Cloaking their pro-Vice sentiments underneath a heavy coat of body odor, earth-friendly earrings, tie-dye trinkets, and anti-army armor, the anti-Bush protestors braved acid rain and risked ozone depletion to ignite American flags. Who else but Cheney loyalists would show such contempt for the environment? Who would ever guess that Cheney’s cohorts would don the costumes of anti-corporate crusaders and militant pacifists? Karl Rove, probably.

For these leftist imposters, deposing King George is merely a ruse for crowning his Prince of Darkness.

Apparently, this is exactly what some on the Left want. At their February 4 rally, the protestors carried “Stop the tyranny of King George” signs to the White House “to argue against the president’s politics and to ask him to resign,” the Washington Times reported.

Whether Bush were to step down voluntarily or involuntarily is not a trivial distinction. A Bush resignation would allow Cheney to accede, while a forced overthrow could conceivably expel them both. When lining up outside the White House, did any of the demonstrators contemplate the line of succession looks like?

After Cheney comes Speaker of the House Dennis Hastert, and after Hastert comes president pro tempore of the Senate, Alaska’s very own Ted Stevens, then Condoleezza Rice, Treasury Secretary John Snow, Rumsfeld, Attorney General Alberto Gonzales, and so on and so forth.
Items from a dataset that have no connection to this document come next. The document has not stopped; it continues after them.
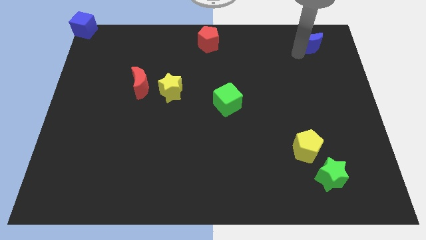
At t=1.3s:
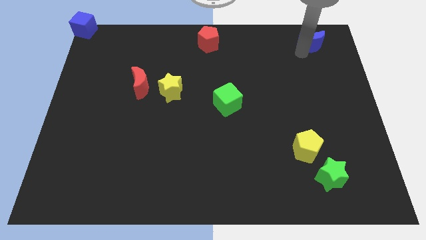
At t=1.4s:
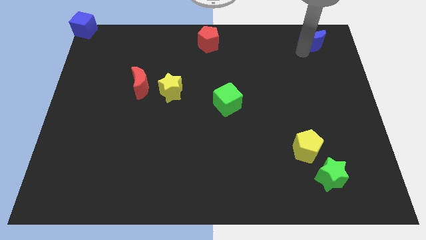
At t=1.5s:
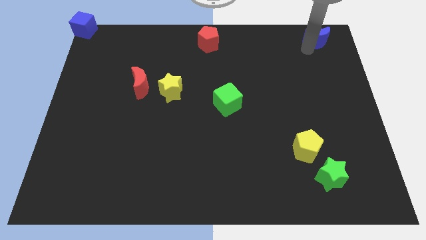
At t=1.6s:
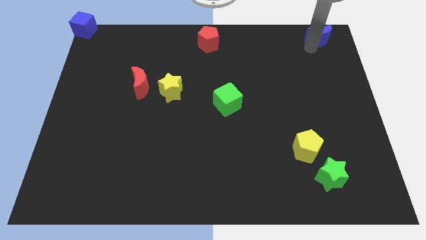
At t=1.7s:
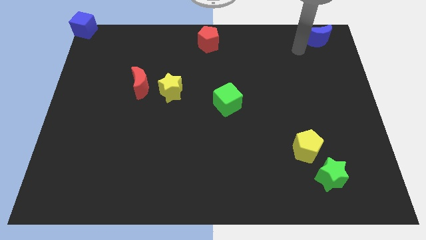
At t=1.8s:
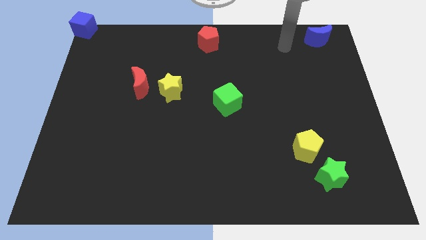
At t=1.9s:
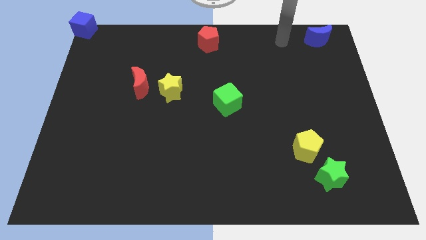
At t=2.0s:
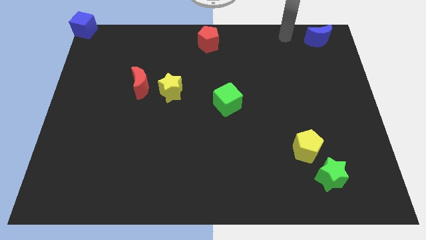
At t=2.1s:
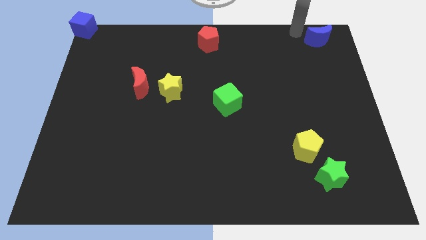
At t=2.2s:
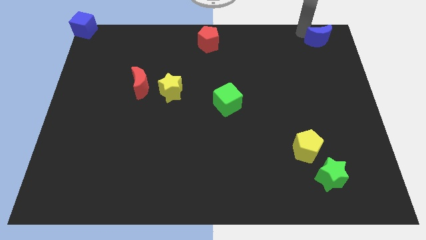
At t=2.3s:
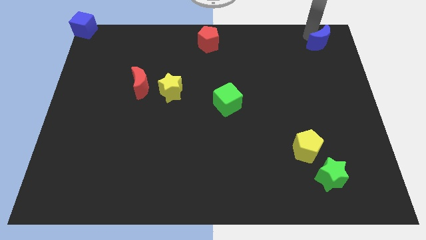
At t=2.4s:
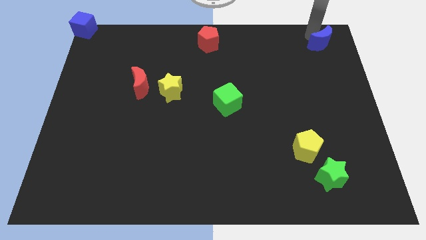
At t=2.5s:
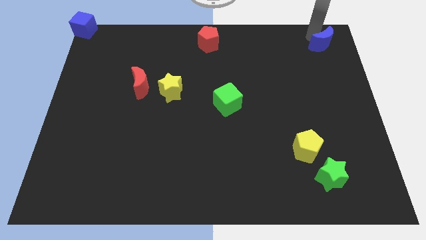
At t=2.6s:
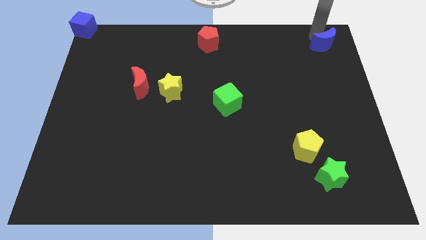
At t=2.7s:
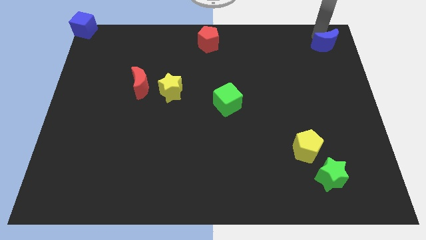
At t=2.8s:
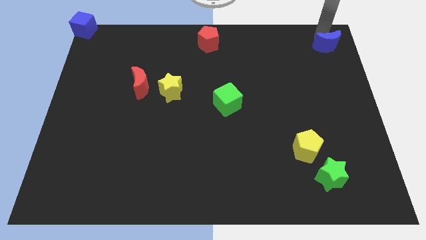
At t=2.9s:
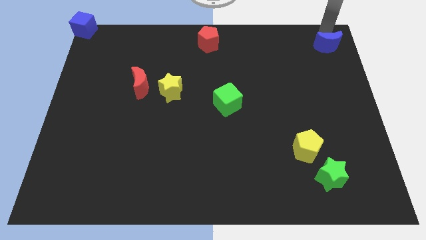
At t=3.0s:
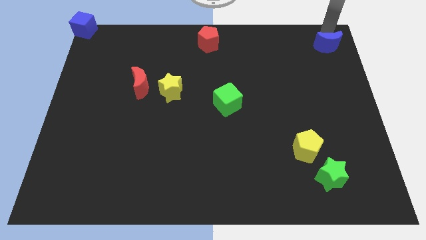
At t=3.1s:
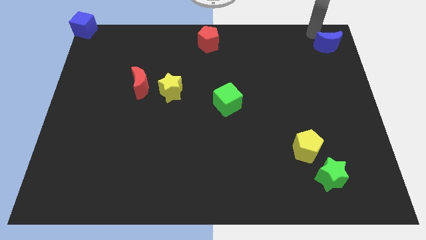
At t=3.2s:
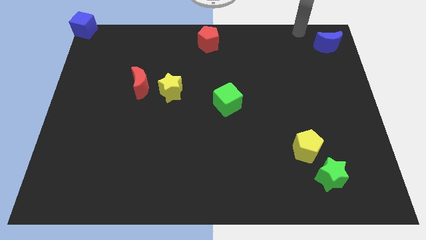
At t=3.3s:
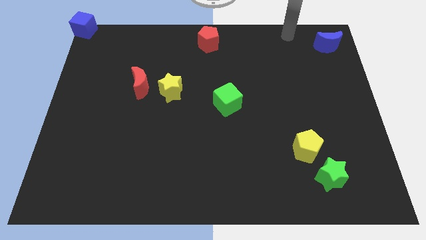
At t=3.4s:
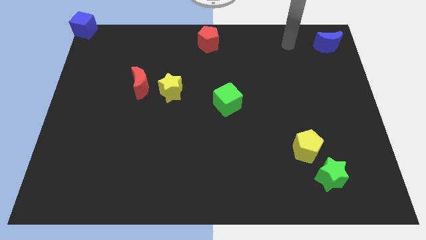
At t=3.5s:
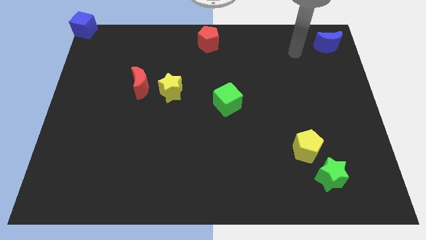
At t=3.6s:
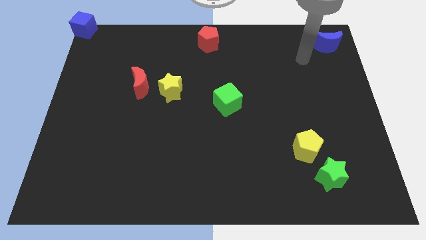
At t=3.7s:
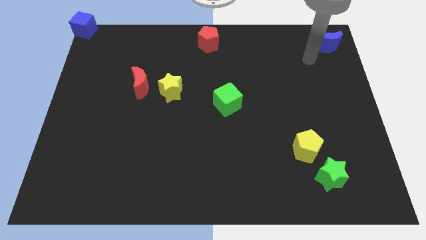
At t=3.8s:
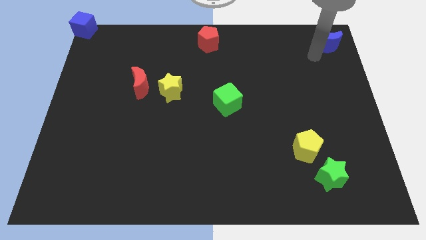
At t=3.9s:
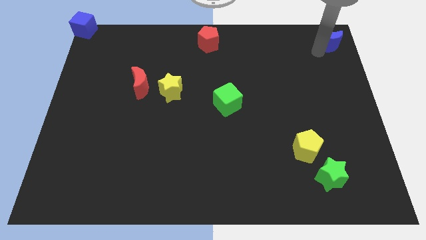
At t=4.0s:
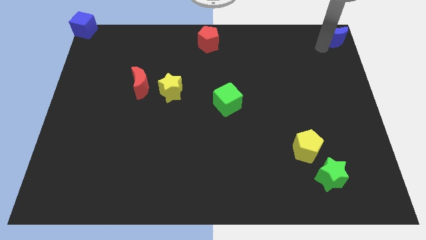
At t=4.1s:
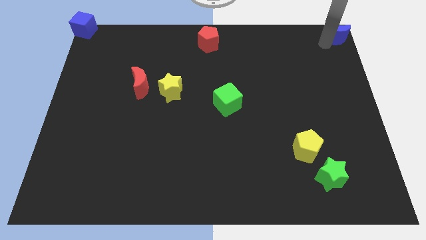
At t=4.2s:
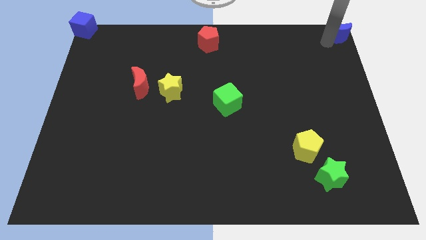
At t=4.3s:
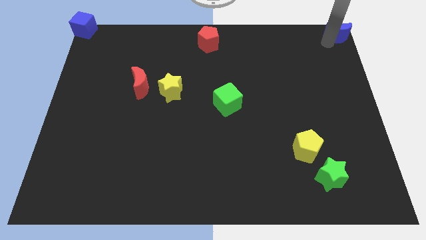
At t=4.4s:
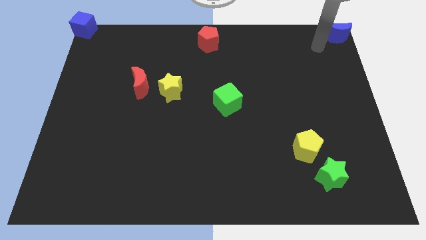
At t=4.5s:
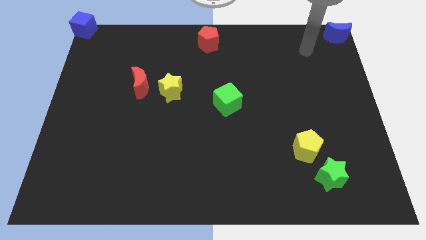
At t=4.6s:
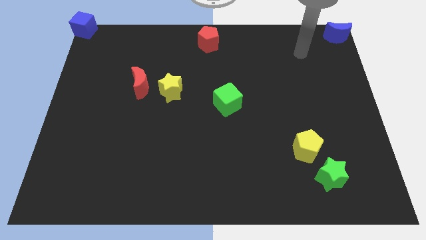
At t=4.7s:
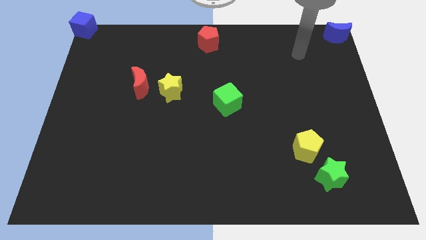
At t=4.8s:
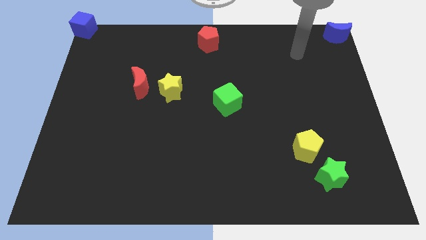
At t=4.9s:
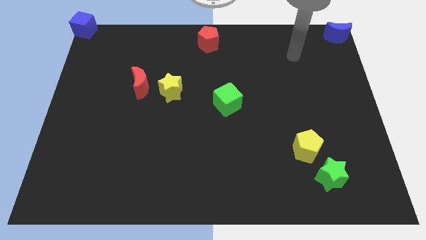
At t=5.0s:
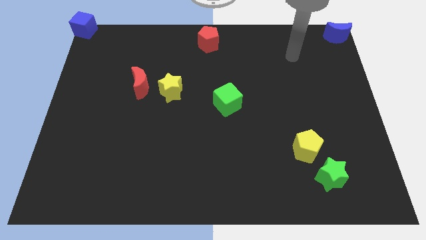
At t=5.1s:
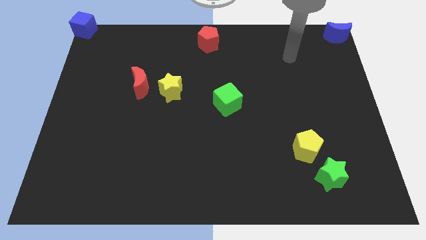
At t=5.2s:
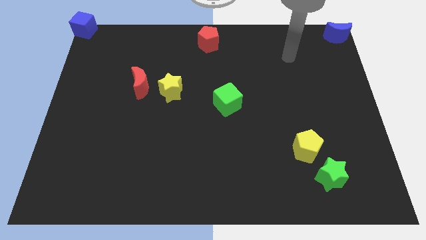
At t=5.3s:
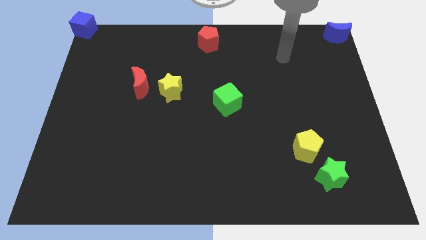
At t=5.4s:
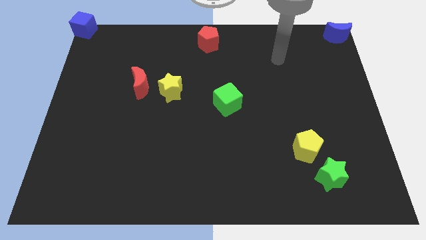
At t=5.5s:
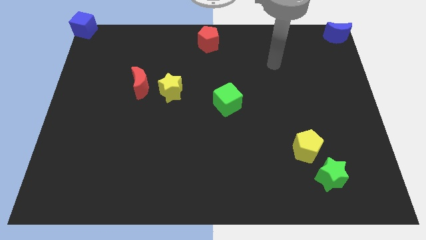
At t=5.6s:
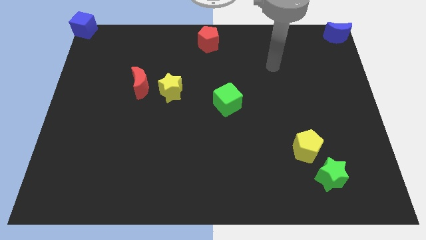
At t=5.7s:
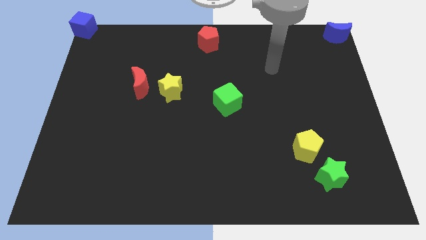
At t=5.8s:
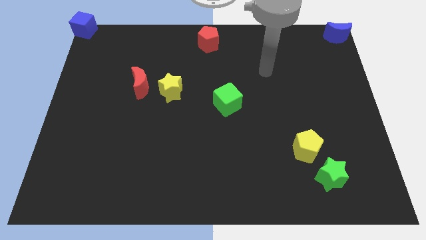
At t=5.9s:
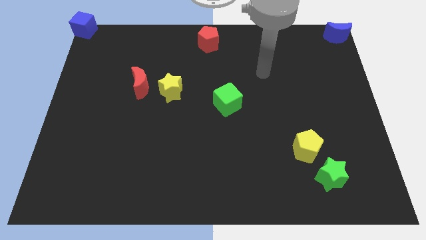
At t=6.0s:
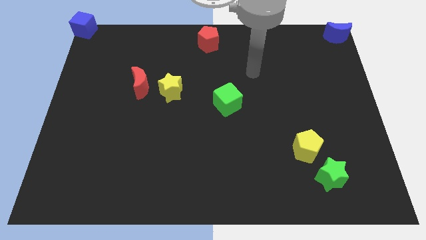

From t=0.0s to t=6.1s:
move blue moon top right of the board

Since Hastert has no apparent ambitions of higher office, groups like WCW and CCR face an obvious dilemma. If it were up to them, which do they prefer: Ted Stevens’ bridge to nowhere or Dick Cheney’s highway to hell? (Bill Clinton’s bridge to the 21st century is no longer an option.)

Those in the pro-impeachment crowd are making it clear that they stand for change, but only that. And thanks to the Twenty-fifth Amendment, change starts with Cheney.

It looks as if Feingold has found his running mate.

Windsor Mann is a freelance writer living in Washington, D.C.